_The problem_. Repeat every entry exactly. Do not include the pictures.

[Records from a data source]
---+---
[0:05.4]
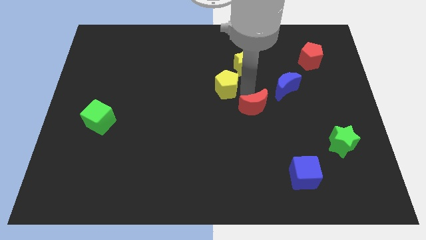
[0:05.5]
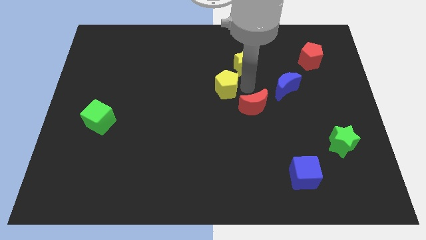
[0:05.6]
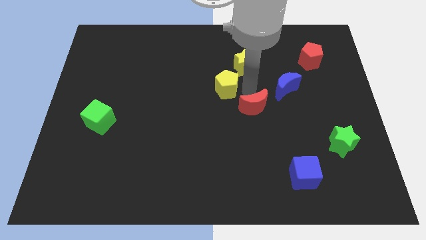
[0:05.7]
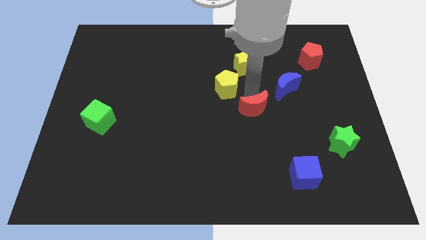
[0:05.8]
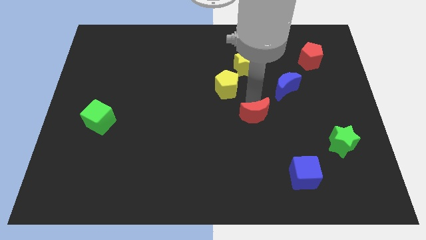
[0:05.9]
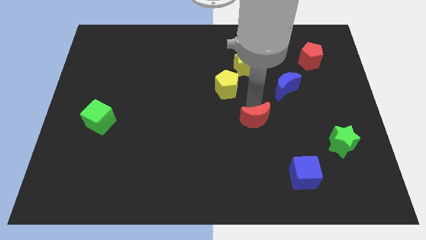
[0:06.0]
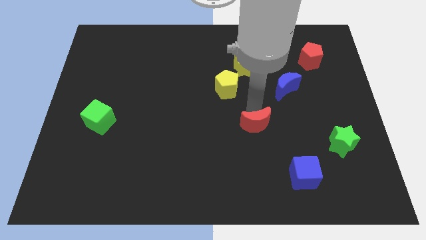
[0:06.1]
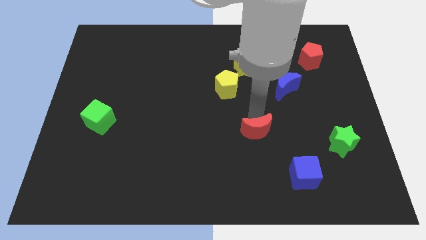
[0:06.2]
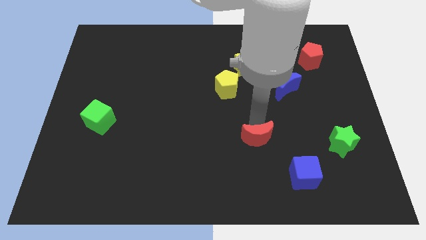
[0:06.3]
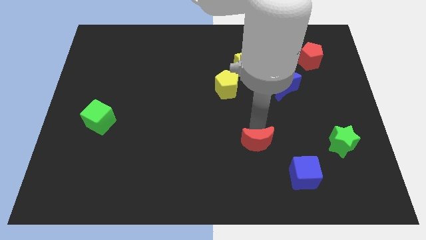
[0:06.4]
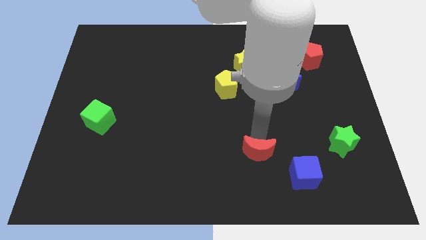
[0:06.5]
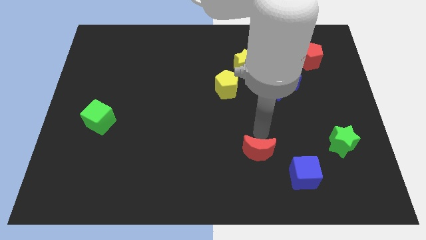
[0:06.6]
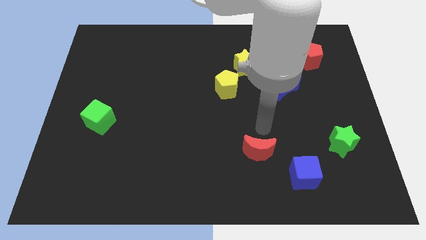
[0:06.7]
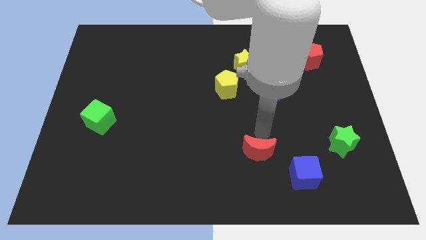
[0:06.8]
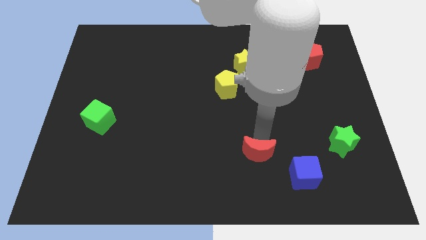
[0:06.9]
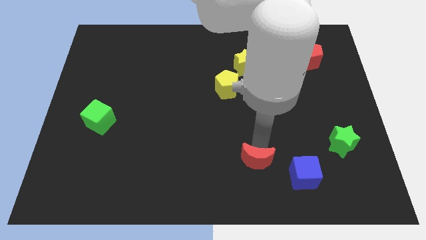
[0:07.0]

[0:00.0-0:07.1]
---+---
_Worked solution_.
[0:05.4]
[0:05.5]
[0:05.6]
[0:05.7]
[0:05.8]
[0:05.9]
[0:06.0]
[0:06.1]
[0:06.2]
[0:06.3]
[0:06.4]
[0:06.5]
[0:06.6]
[0:06.7]
[0:06.8]
[0:06.9]
[0:07.0]

[0:00.0-0:07.1]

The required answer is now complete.